Can a spoonful of dirt transmit a miracle of healing? To the more than 40,000 people who make a pilgrimage to El Santuario de Chimayó every year, miraculous recoveries in both body and mind have shown again and again that it can — whether by the power of the divine or the power of faith and belief.
Located in a high and remote valley northeast of Santa Fe, Chimayó has been considered a sacred site for centuries. The native Tewa Indians considered the fertile valley sacred because of a spring that bubbled from the ground in the surrounding hills; the Spanish settled here in the 1600s for the same reason. But when Don Bernardo Abeyta, a member of a local Catholic brotherhood, followed a mysterious dancing light down to the river, everything changed. Here’s how the wonderful story goes:
The light appeared to be coming out of the dirt itself, so Abeyta began digging, and eventually uncovered a six-foot-tall wooden crucifix featuring a dramatic, dark-skinned Christ. Abeyta called others to see the crucifix, and together they organized a procession to carry the heavy statue to the parish church in Santa Cruz, eight miles away, where they installed it in the altar.

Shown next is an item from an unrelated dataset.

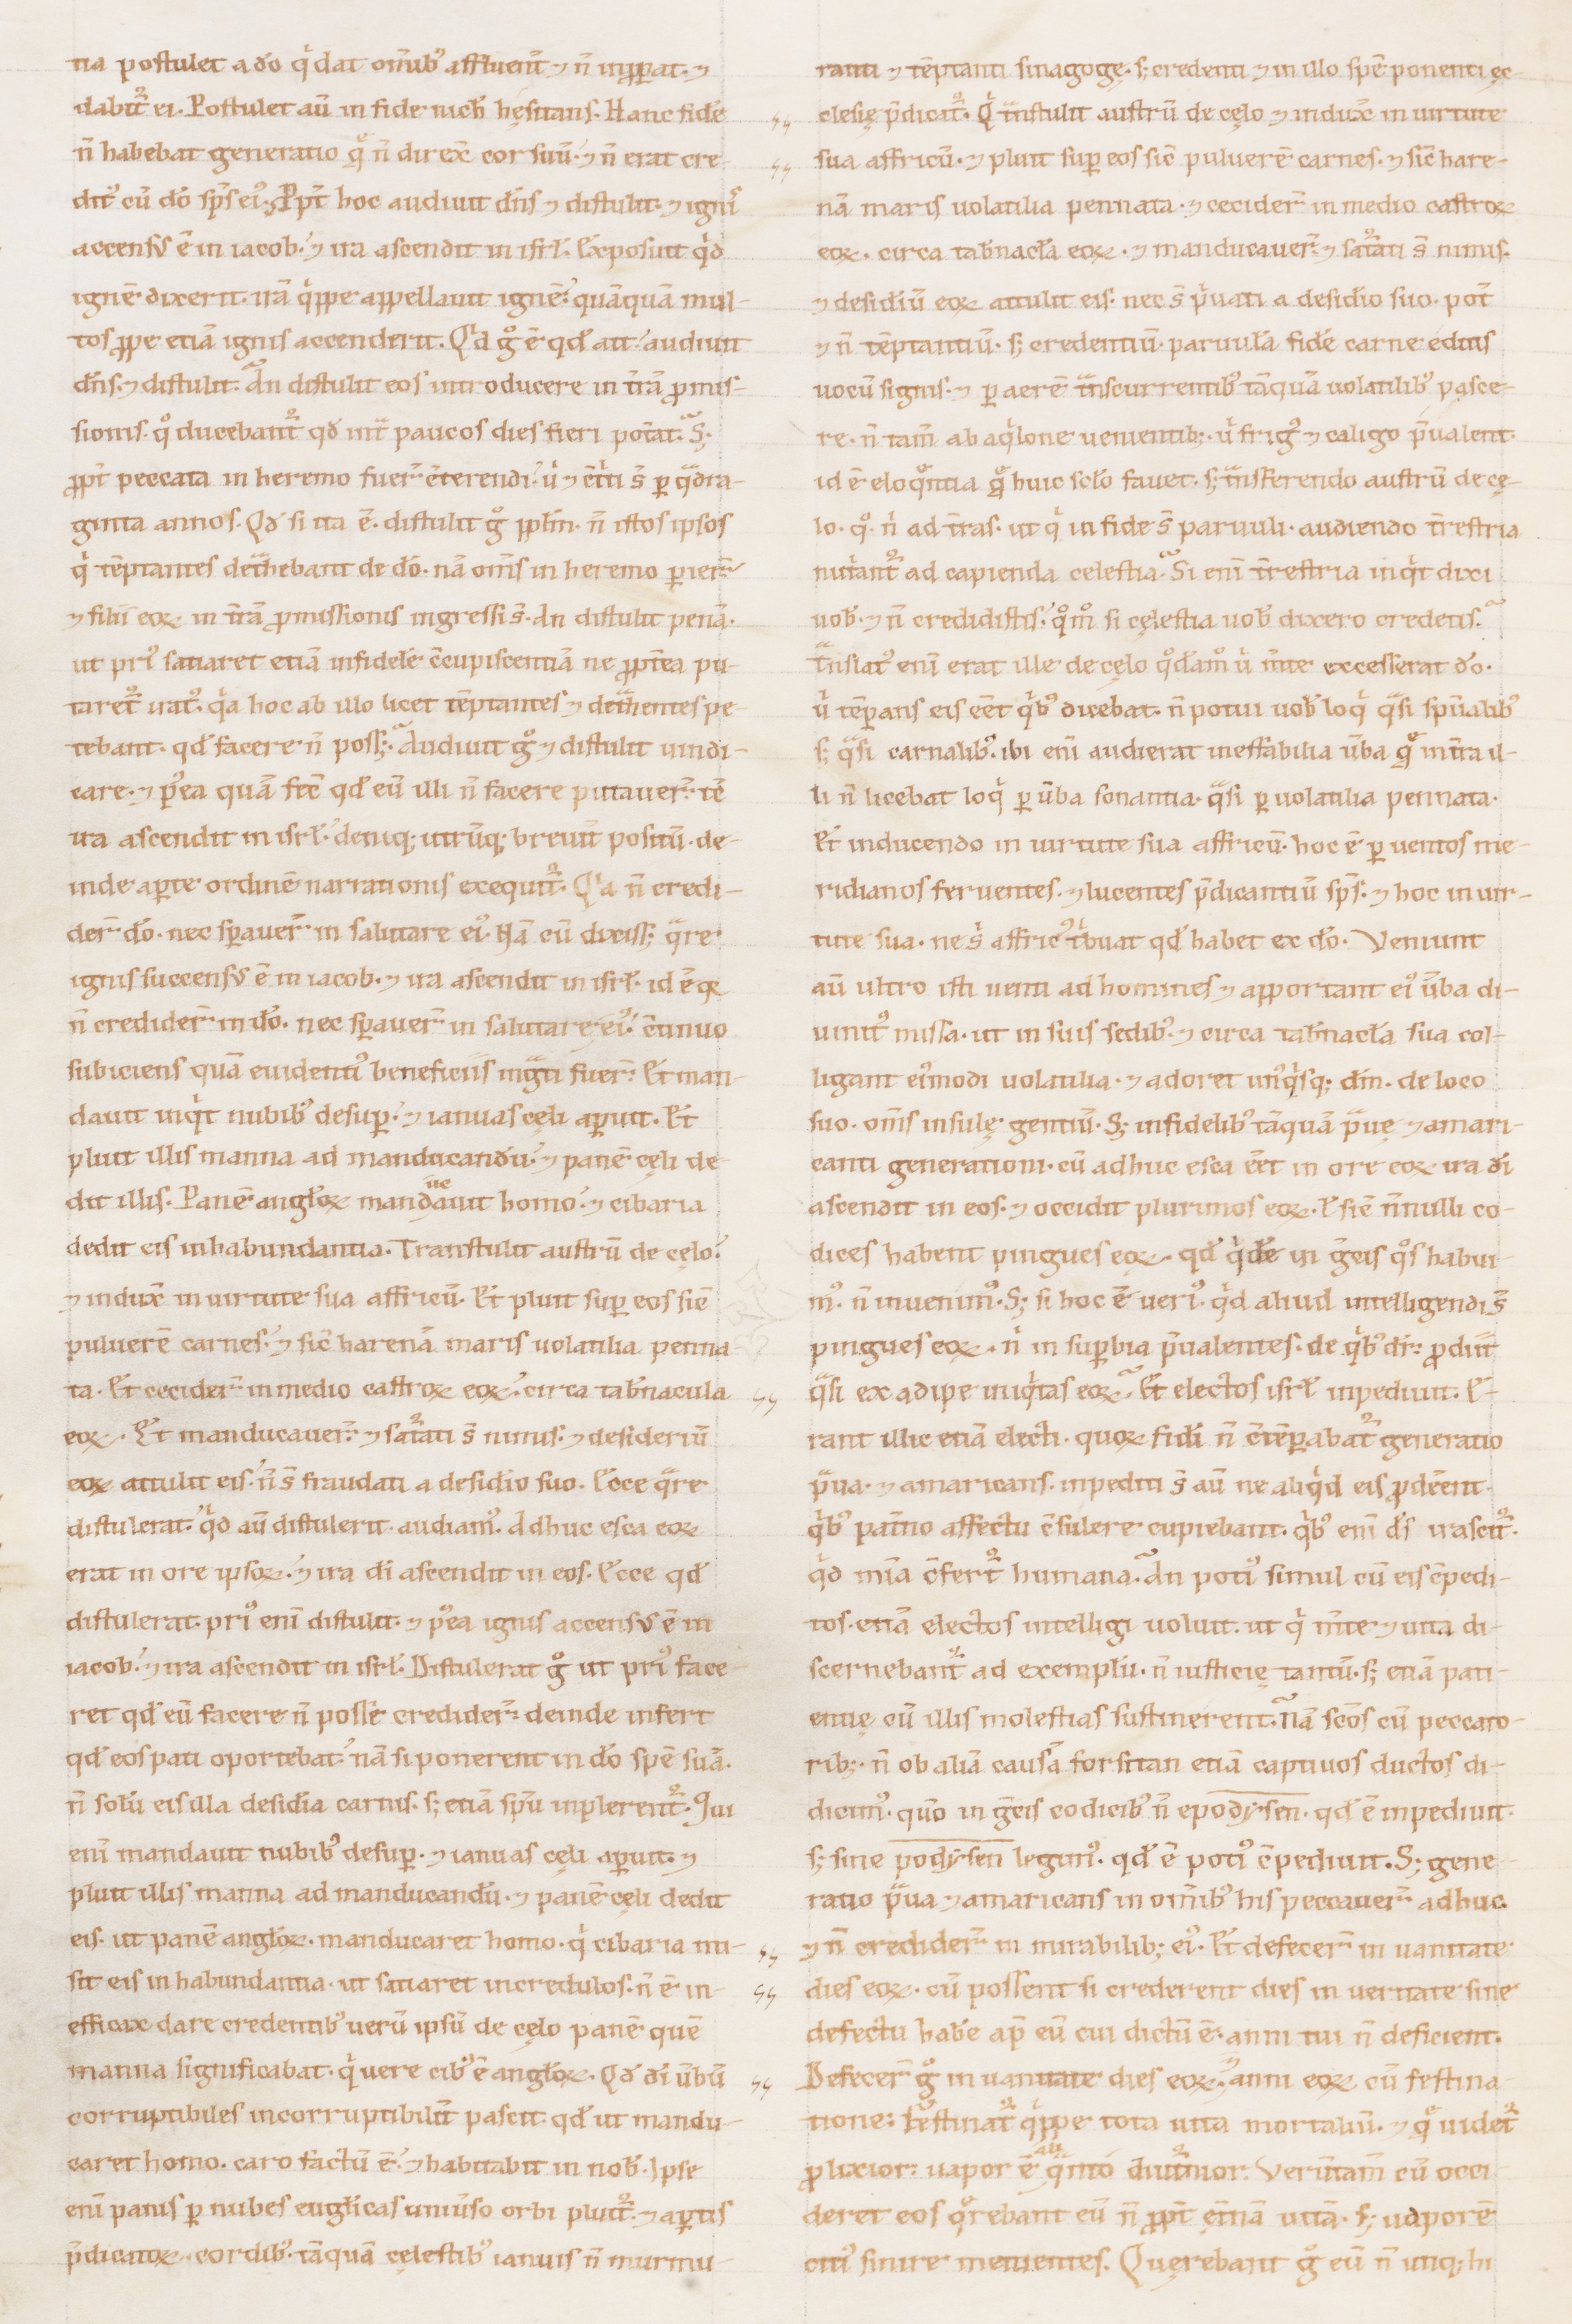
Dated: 1100–1199

Except the next morning it was gone. When they looked for it, they found it back in the same spot on the riverbank where it was originally found. A second time it was brought to the church — and a second time it mysteriously migrated back to its spot of origin. When this happened a third time, the diocese got the message and a small chapel was built in Chimayó to house the statue. The current Santuario was built in 1814.
War, though, was what truly created the Chimayó pilgrimmage as it exists today. During WWI, terrified New Mexican boys huddled in the trenches made a prayerful promise that if they returned alive, they would make a pilgrimage of gratitude to Chimayó. Since then, through the second World War, the Korean War, Vietnam, Iraq and Afghanistan, servicemen and women and their frightened families have come to Chimayó to pray for — and give thanks for — their safe return.
New Mexico has the honor of contributing more young people to the armed services than any other state, and today, an entire wall of the antechamber is papered with photos of young soldiers. Many of them are accompanied by heartfelt notes from parents, spouses and siblings requesting divine intervention and protection.
How did Chimayó’s dirt, dug from a small well known as El Posito, come to be considered healing? The connection was never made completely clear to me. But why wouldn’t dirt from which a statue miraculously emerged have divine powers? The dirt itself, a reddish soft powdery dust, is dug with a child’s playground shovel from an unprepossessing hole in a closet-sized room. And church staff are quite open about the fact that the dirt visitors dig up is no longer original dirt from the chapel — it’s carried in by the bucketful to replenish the supply every night. And yet every year tens of thousands of visitors, of all ages and every faith, visit Chimayó to pray for health, taking home baggies and vials of the dirt to distribute amongst their loved ones.
It occurs to me, looking around the shrine, that here at Chimayó is an expression of our deepest fears and sorrows. What shakes us more deeply than the illness or loss of a child, parent, friend or animal companion?Within the anteroom is an enclosed shrine honoring Santo Niño de Atocha, an embodiment of the infant Jesus. He is surrounded by baby shoes of all kinds, from hand-knit booties to miniature high top tennies, a traditional gift of supplication to El Niño. The walls of the shrine are papered with pleas for intercession on behalf of sick children, prayers for those who have died, and expressions of gratitude for children restored to health.
I can barely look at first, but then I begin to peer closely and carefully at each tiny photo and name, feeling the force of the love of the mother or father who placed it here. And it occurs to me that this may be the most powerful force of all: The love we have for our children, our other family members and friends, the strength of our desire to see them live long healthy lives.
And yes, I too brought home Chimayó dirt – as much as I could take without seeming greedy.